Traceback (most recent call last):
  File "/Users/arun/Applications/miniconda3/envs/dc/lib/python3.9/site-packages/torch/utils/data/dataloader.py", line 1132, in _try_get_data
    data = self._data_queue.get(timeout=timeout)
  File "/Users/arun/Applications/miniconda3/envs/dc/lib/python3.9/multiprocessing/queues.py", line 113, in get
    if not self._poll(timeout):
  File "/Users/arun/Applications/miniconda3/envs/dc/lib/python3.9/multiprocessing/connection.py", line 257, in poll
    return self._poll(timeout)
  File "/Users/arun/Applications/miniconda3/envs/dc/lib/python3.9/multiprocessing/connection.py", line 424, in _poll
    r = wait([self], timeout)
  File "/Users/arun/Applications/miniconda3/envs/dc/lib/python3.9/multiprocessing/connection.py", line 931, in wait
    ready = selector.select(timeout)
  File "/Users/arun/Applications/miniconda3/envs/dc/lib/python3.9/selectors.py", line 416, in select
    fd_event_list = self._selector.poll(timeout)

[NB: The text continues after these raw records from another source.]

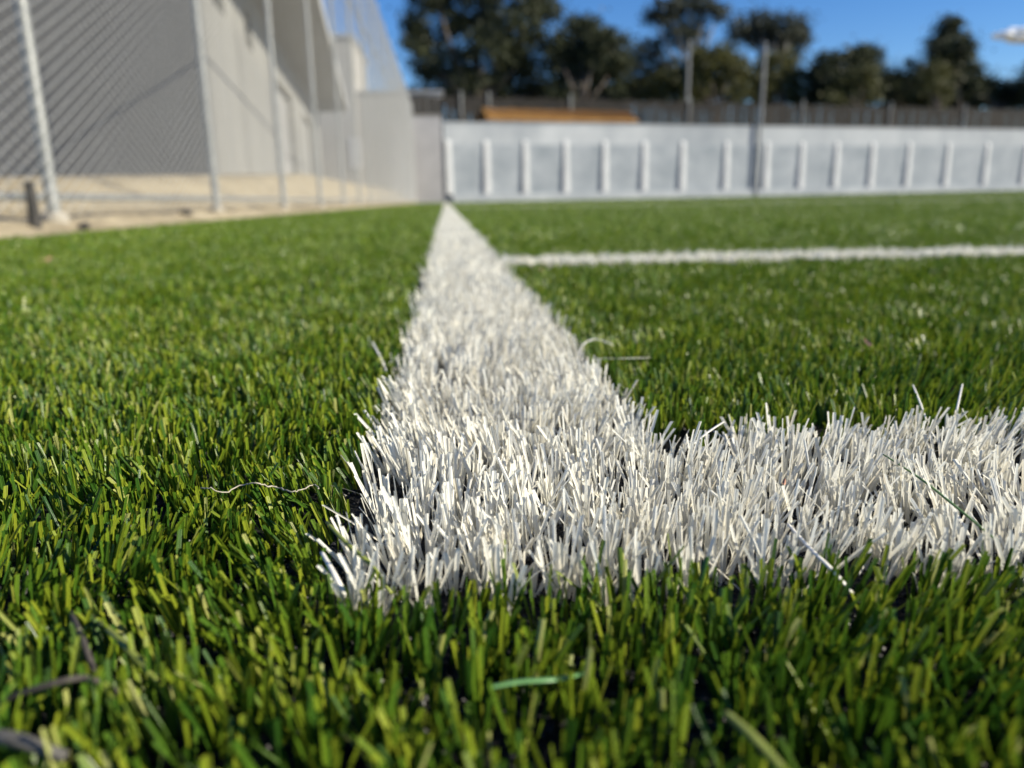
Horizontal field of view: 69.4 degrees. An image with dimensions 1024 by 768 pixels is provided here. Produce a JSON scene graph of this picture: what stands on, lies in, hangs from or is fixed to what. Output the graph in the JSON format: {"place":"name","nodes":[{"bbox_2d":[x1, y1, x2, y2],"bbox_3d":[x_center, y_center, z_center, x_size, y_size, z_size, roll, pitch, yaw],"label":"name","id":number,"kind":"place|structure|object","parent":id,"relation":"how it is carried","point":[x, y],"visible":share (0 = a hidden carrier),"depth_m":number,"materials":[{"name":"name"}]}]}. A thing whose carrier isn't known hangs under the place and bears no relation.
{"place":"outdoors","nodes":[
{"label":"outdoors","id":0,"kind":"place"},
{"bbox_2d":[0,174,417,238],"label":"sand bank","id":1,"kind":"structure","parent":0,"point":[16,221],"depth_m":5.29,"materials":[{"name":"beige sand"}]},
{"bbox_2d":[23,181,41,238],"bbox_3d":[-1.779,-0.645,2.748,0.043,0.208,0.046,-2,14,-5],"label":"stake","id":2,"kind":"object","parent":1,"relation":"on","point":[34,216],"visible":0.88,"depth_m":2.73,"materials":[{"name":"wood"}]},
{"bbox_2d":[78,222,89,228],"bbox_3d":[-1.737,-0.644,3.009,0.041,0.030,0.054,-2,14,-5],"label":"stone","id":3,"kind":"object","parent":1,"relation":"on","point":[84,225],"visible":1,"depth_m":2.99,"materials":[{"name":"beige stone"}]},
{"bbox_2d":[0,0,347,176],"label":"gable building","id":4,"kind":"structure","parent":1,"relation":"on","point":[55,121],"depth_m":12.59,"materials":[{"name":"paint"}]},
{"bbox_2d":[276,85,291,173],"bbox_3d":[-7.640,-8.190,24.638,0.029,3.110,4.805,-3,14,-10],"label":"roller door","id":5,"kind":"structure","parent":4,"relation":"in","point":[281,94],"depth_m":25.32,"materials":[{"name":"grey metal"}]},
{"bbox_2d":[303,119,310,174],"bbox_3d":[-9.320,-10.345,33.370,0.029,3.110,4.505,-3,14,-10],"label":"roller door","id":6,"kind":"structure","parent":4,"relation":"in","point":[304,122],"depth_m":34.34,"materials":[{"name":"grey metal"}]},
{"bbox_2d":[179,209,191,215],"bbox_3d":[-1.942,-1.018,4.410,0.072,0.051,0.091,-2,14,-5],"label":"stone","id":7,"kind":"object","parent":1,"relation":"on","point":[186,212],"visible":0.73,"depth_m":4.37,"materials":[{"name":"grey stone"}]},
{"bbox_2d":[0,0,415,235],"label":"chain link fence","id":8,"kind":"object","parent":1,"relation":"on","point":[51,196],"visible":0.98,"depth_m":6.67,"materials":[{"name":"metal"}]},
{"bbox_2d":[0,190,1023,767],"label":"playing field","id":9,"kind":"structure","parent":0,"point":[696,731],"depth_m":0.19,"materials":[{"name":"green plastic"}]},
{"bbox_2d":[0,729,68,762],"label":"dry straw","id":10,"kind":"object","parent":9,"relation":"on","point":[25,742],"visible":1,"depth_m":0.13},
{"bbox_2d":[0,675,118,702],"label":"dry straw","id":11,"kind":"object","parent":9,"relation":"on","point":[57,682],"visible":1,"depth_m":0.15,"materials":[{"name":"grey plant"}]},
{"bbox_2d":[68,610,96,672],"bbox_3d":[-0.101,0.060,0.173,0.002,0.005,0.030,-12,18,-38],"label":"twig","id":12,"kind":"object","parent":9,"relation":"on","point":[84,645],"visible":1,"depth_m":0.17,"materials":[{"name":"wood"}]},
{"bbox_2d":[92,613,158,682],"bbox_3d":[-0.092,0.060,0.173,0.041,0.004,0.003,12,19,41],"label":"loose fibre","id":13,"kind":"object","parent":9,"relation":"on","point":[133,654],"visible":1,"depth_m":0.17,"materials":[{"name":"green plastic"}]},
{"bbox_2d":[200,482,318,492],"bbox_3d":[-0.086,0.036,0.252,0.041,0.004,0.014,-2,14,-5],"label":"dry root","id":14,"kind":"object","parent":9,"relation":"on","point":[261,484],"visible":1,"depth_m":0.25,"materials":[{"name":"plant"}]},
{"bbox_2d":[320,551,345,597],"bbox_3d":[-0.048,0.051,0.200,0.010,0.006,0.018,-2,14,-5],"label":"loose strand","id":15,"kind":"object","parent":9,"relation":"on","point":[334,574],"visible":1,"depth_m":0.20},
{"bbox_2d":[371,341,386,371],"bbox_3d":[-0.085,-0.015,0.476,0.002,0.011,0.074,-5,15,-18],"label":"loose strand","id":16,"kind":"object","parent":9,"relation":"on","point":[383,364],"visible":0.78,"depth_m":0.47},
{"bbox_2d":[318,34,443,189],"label":"beige building","id":17,"kind":"structure","parent":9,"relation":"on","point":[437,93],"depth_m":46.98,"materials":[{"name":"beige concrete"}]},
{"bbox_2d":[349,137,361,167],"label":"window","id":18,"kind":"structure","parent":17,"relation":"in","point":[351,147],"depth_m":47.09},
{"bbox_2d":[390,114,443,202],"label":"block wall","id":19,"kind":"structure","parent":9,"relation":"on","point":[428,171],"depth_m":39.04,"materials":[{"name":"concrete"}]},
{"bbox_2d":[0,379,1023,767],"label":"rubber crumb","id":20,"kind":"object","parent":9,"relation":"on","point":[544,731],"visible":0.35,"depth_m":0.19,"materials":[{"name":"black rubber"}]},
{"bbox_2d":[306,202,760,620],"bbox_3d":[-1.780,-4.901,20.152,0.173,0.032,41.294,-2,14,-5],"label":"white line","id":21,"kind":"object","parent":9,"relation":"on","point":[472,301],"visible":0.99,"depth_m":0.29,"materials":[{"name":"white plastic"}]},
{"bbox_2d":[325,521,392,594],"bbox_3d":[-0.045,0.049,0.209,0.004,0.010,0.034,-13,19,-41],"label":"loose fibre","id":22,"kind":"object","parent":21,"relation":"on","point":[347,544],"visible":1,"depth_m":0.20,"materials":[{"name":"green plastic"}]},
{"bbox_2d":[491,672,583,688],"bbox_3d":[0.006,0.062,0.156,0.022,0.006,0.012,-2,14,-5],"label":"loose fibre","id":23,"kind":"object","parent":9,"relation":"on","point":[531,680],"visible":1,"depth_m":0.15,"materials":[{"name":"green plastic"}]},
{"bbox_2d":[475,107,638,123],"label":"tiled shed","id":24,"kind":"structure","parent":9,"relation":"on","point":[524,115],"depth_m":41.74,"materials":[{"name":"ceramic"}]},
{"bbox_2d":[578,339,612,356],"bbox_3d":[0.049,-0.023,0.490,0.017,0.008,0.042,12,19,41],"label":"loose strand","id":25,"kind":"object","parent":9,"relation":"on","point":[584,343],"visible":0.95,"depth_m":0.50},
{"bbox_2d":[595,357,649,358],"bbox_3d":[0.068,-0.016,0.458,0.035,0.001,0.008,-2,14,-5],"label":"loose strand","id":26,"kind":"object","parent":9,"relation":"on","point":[618,358],"visible":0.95,"depth_m":0.46},
{"bbox_2d":[686,40,690,101],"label":"tall pole","id":27,"kind":"object","parent":9,"relation":"on","point":[688,71],"visible":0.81,"depth_m":52.85,"materials":[{"name":"grey metal"}]},
{"bbox_2d":[687,421,724,447],"bbox_3d":[0.082,0.021,0.308,0.028,0.005,0.002,-14,19,-43],"label":"loose strand","id":28,"kind":"object","parent":9,"relation":"on","point":[710,430],"visible":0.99,"depth_m":0.31},
{"bbox_2d":[410,91,1023,192],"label":"screen fence","id":29,"kind":"object","parent":9,"relation":"on","point":[889,116],"visible":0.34,"depth_m":48.29,"materials":[{"name":"grey metal"}]},
{"bbox_2d":[453,199,994,207],"bbox_3d":[4.084,-2.731,11.128,9.967,0.038,0.164,-2,14,-5],"label":"white line","id":30,"kind":"object","parent":9,"relation":"on","point":[727,203],"visible":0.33,"depth_m":11.06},
{"bbox_2d":[441,122,1023,202],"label":"perimeter wall","id":31,"kind":"structure","parent":9,"relation":"on","point":[489,161],"depth_m":44.28,"materials":[{"name":"white concrete"}]},
{"bbox_2d":[722,710,786,767],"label":"loose fibre","id":32,"kind":"object","parent":9,"relation":"on","point":[760,744],"visible":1,"depth_m":0.13,"materials":[{"name":"green plastic"}]},
{"bbox_2d":[496,243,1023,271],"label":"white line","id":33,"kind":"object","parent":9,"relation":"on","point":[777,255],"visible":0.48,"depth_m":1.23,"materials":[{"name":"white plastic"}]},
{"bbox_2d":[754,43,766,195],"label":"tall pole","id":34,"kind":"object","parent":9,"relation":"on","point":[760,123],"visible":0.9,"depth_m":44.46,"materials":[{"name":"grey metal"}]},
{"bbox_2d":[613,403,1023,599],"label":"white line","id":35,"kind":"object","parent":9,"relation":"on","point":[957,458],"visible":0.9,"depth_m":0.26,"materials":[{"name":"white plastic"}]},
{"bbox_2d":[883,454,993,538],"bbox_3d":[0.138,0.035,0.242,0.007,0.003,0.067,-2,14,-5],"label":"loose fibre","id":36,"kind":"object","parent":35,"relation":"on","point":[953,505],"visible":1,"depth_m":0.23,"materials":[{"name":"plastic"}]},
{"bbox_2d":[956,384,962,409],"bbox_3d":[0.204,0.011,0.338,0.001,0.012,0.044,9,17,33],"label":"loose strand","id":37,"kind":"object","parent":35,"relation":"on","point":[958,401],"visible":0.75,"depth_m":0.34},
{"bbox_2d":[787,524,853,592],"bbox_3d":[0.085,0.048,0.209,0.006,0.006,0.033,-2,14,-5],"label":"loose strand","id":38,"kind":"object","parent":9,"relation":"on","point":[816,554],"visible":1,"depth_m":0.20},
{"bbox_2d":[912,385,926,420],"bbox_3d":[0.193,0.009,0.352,0.002,0.009,0.033,3,15,16],"label":"loose strand","id":39,"kind":"object","parent":9,"relation":"on","point":[920,403],"visible":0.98,"depth_m":0.35},
{"bbox_2d":[322,0,1023,128],"label":"sky","id":40,"kind":"structure","parent":0,"point":[899,23],"materials":[{"name":"blue"}]},
{"bbox_2d":[864,338,872,345],"bbox_3d":[0.237,-0.028,0.491,0.004,0.005,0.006,-2,14,-5],"label":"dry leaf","id":41,"kind":"object","parent":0,"point":[868,342],"visible":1,"depth_m":0.49,"materials":[{"name":"brown plant"}]},
{"bbox_2d":[991,27,1023,43],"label":"cloud","id":42,"kind":"structure","parent":0,"point":[1013,35],"depth_m":892.38,"materials":[{"name":"white"}]},
{"label":"ground","id":43,"kind":"structure","parent":0,"visible":0},
{"bbox_2d":[387,0,570,115],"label":"broad tree","id":44,"kind":"object","parent":43,"relation":"on","point":[511,59],"visible":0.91,"depth_m":60.52,"materials":[{"name":"green plant"}]},
{"bbox_2d":[506,72,654,109],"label":"tree","id":45,"kind":"object","parent":43,"relation":"on","point":[629,96],"visible":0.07,"depth_m":65.13,"materials":[{"name":"green plant"}]},
{"bbox_2d":[534,6,644,109],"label":"dark tree","id":46,"kind":"object","parent":43,"relation":"on","point":[577,50],"visible":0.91,"depth_m":59.26,"materials":[{"name":"green plant"}]},
{"bbox_2d":[623,0,742,111],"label":"gum tree","id":47,"kind":"object","parent":43,"relation":"on","point":[674,13],"visible":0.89,"depth_m":63.26,"materials":[{"name":"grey plant"}]},
{"bbox_2d":[629,36,761,115],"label":"leafy tree","id":48,"kind":"object","parent":43,"relation":"on","point":[728,66],"visible":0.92,"depth_m":58.53,"materials":[{"name":"green plant"}]},
{"bbox_2d":[721,0,824,120],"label":"gum tree","id":49,"kind":"object","parent":43,"relation":"on","point":[770,32],"visible":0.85,"depth_m":64.92,"materials":[{"name":"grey plant"}]},
{"bbox_2d":[748,36,813,125],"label":"leafy tree","id":50,"kind":"object","parent":43,"relation":"on","point":[780,81],"visible":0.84,"depth_m":59.81,"materials":[{"name":"green plant"}]},
{"bbox_2d":[793,34,898,126],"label":"dark tree","id":51,"kind":"object","parent":43,"relation":"on","point":[825,68],"visible":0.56,"depth_m":58.79,"materials":[{"name":"green plant"}]},
{"bbox_2d":[805,57,897,117],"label":"leafy tree","id":52,"kind":"object","parent":43,"relation":"on","point":[852,94],"visible":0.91,"depth_m":56.39,"materials":[{"name":"green plant"}]},
{"bbox_2d":[869,51,927,113],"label":"tree","id":53,"kind":"object","parent":43,"relation":"on","point":[898,75],"visible":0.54,"depth_m":60.97,"materials":[{"name":"green plant"}]},
{"bbox_2d":[898,52,966,114],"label":"leafy tree","id":54,"kind":"object","parent":43,"relation":"on","point":[934,88],"visible":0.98,"depth_m":57.51,"materials":[{"name":"green plant"}]},
{"bbox_2d":[914,10,1002,126],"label":"conifer tree","id":55,"kind":"object","parent":43,"relation":"on","point":[954,42],"visible":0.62,"depth_m":60.90,"materials":[{"name":"green plant"}]},
{"bbox_2d":[969,66,1021,128],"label":"tree","id":56,"kind":"object","parent":43,"relation":"on","point":[1000,87],"visible":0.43,"depth_m":61.97,"materials":[{"name":"green plant"}]},
{"bbox_2d":[997,62,1023,109],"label":"dark tree","id":57,"kind":"object","parent":43,"relation":"on","point":[1018,93],"visible":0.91,"depth_m":60.96,"materials":[{"name":"green plant"}]}
]}

  File "/Users/arun/Applications/miniconda3/envs/dc/lib/python3.9/site-packages/torch/utils/data/_utils/signal_handling.py", line 66, in handler
    _error_if_any_worker_fails()
RuntimeError: DataLoader worker (pid 3260) exited unexpectedly with exit code 1. Details are lost due to multiprocessing. Rerunning with num_workers=0 may give better error trace.

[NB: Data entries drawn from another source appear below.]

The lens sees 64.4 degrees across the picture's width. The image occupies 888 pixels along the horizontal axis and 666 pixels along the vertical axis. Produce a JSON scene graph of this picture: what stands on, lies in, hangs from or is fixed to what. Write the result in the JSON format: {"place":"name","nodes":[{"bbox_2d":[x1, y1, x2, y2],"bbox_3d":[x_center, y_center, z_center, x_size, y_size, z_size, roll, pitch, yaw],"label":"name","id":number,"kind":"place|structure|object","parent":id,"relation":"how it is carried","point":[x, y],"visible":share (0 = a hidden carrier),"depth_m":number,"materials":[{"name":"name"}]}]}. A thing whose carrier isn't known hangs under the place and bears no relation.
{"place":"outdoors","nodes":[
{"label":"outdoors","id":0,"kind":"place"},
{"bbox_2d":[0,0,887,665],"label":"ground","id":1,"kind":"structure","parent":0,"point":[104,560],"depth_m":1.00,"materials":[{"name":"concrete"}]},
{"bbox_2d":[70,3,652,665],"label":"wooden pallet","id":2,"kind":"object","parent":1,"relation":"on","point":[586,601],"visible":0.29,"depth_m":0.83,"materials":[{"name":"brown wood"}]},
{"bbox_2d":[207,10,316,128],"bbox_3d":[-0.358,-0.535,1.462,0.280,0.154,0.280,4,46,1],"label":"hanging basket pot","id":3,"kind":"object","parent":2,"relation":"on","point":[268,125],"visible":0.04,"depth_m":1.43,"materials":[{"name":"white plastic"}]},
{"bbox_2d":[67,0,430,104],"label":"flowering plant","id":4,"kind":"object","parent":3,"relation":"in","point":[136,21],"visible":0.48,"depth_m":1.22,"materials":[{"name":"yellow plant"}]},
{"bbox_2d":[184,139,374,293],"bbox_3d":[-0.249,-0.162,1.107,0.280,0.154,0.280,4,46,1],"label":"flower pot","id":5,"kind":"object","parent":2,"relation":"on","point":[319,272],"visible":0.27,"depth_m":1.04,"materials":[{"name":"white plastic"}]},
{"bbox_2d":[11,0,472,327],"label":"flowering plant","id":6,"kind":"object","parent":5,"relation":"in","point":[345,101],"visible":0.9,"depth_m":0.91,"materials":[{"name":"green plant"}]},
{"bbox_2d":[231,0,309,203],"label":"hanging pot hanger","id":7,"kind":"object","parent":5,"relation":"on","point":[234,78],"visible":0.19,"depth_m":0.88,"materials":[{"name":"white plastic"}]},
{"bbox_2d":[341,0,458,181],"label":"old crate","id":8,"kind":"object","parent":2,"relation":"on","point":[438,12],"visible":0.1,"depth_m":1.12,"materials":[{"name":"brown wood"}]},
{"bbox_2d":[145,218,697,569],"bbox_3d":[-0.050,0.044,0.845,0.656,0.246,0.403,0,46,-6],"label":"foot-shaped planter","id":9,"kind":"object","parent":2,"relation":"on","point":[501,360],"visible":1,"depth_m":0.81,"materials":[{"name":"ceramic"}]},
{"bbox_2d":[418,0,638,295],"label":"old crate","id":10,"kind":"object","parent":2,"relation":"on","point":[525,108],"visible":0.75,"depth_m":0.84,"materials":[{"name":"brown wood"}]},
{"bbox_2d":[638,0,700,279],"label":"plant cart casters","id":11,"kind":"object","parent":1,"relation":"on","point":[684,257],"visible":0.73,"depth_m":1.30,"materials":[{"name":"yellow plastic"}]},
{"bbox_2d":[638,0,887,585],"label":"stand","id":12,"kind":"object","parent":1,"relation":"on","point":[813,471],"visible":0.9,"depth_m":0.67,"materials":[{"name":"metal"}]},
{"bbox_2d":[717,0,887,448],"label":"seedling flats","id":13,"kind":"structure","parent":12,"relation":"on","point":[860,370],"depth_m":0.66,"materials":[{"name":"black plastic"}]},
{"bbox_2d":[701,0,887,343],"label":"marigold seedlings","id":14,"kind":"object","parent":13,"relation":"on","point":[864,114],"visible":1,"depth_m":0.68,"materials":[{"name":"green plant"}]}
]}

The above exception was the direct cause of the following exception:

Traceback (most recent call last):
  File "/Users/arun/proj/dfs/chemberta3/distributed/td/datasets/two.py", line 28, in <module>
    for i, data in enumerate(dataloader):
  File "/Users/arun/Applications/miniconda3/envs/dc/lib/python3.9/site-packages/torch/utils/data/dataloader.py", line 633, in __next__
    data = self._next_data()
  File "/Users/arun/Applications/miniconda3/envs/dc/lib/python3.9/site-packages/torch/utils/data/dataloader.py", line 1328, in _next_data
    idx, data = self._get_data()
  File "/Users/arun/Applications/miniconda3/envs/dc/lib/python3.9/site-packages/torch/utils/data/dataloader.py", line 1294, in _get_data
    success, data = self._try_get_data()
  File "/Users/arun/Applications/miniconda3/envs/dc/lib/python3.9/site-packages/torch/utils/data/dataloader.py", line 1145, in _try_get_data
    raise RuntimeError('DataLoader worker (pid(s) {}) exited unexpectedly'.format(pids_str)) from e
RuntimeError: DataLoader worker (pid(s) 3260) exited unexpectedly

I am not sure what is going here - is there anything wrong with the above code snippet? It works when num_workers=0 and the issue happens when num_workers > 0.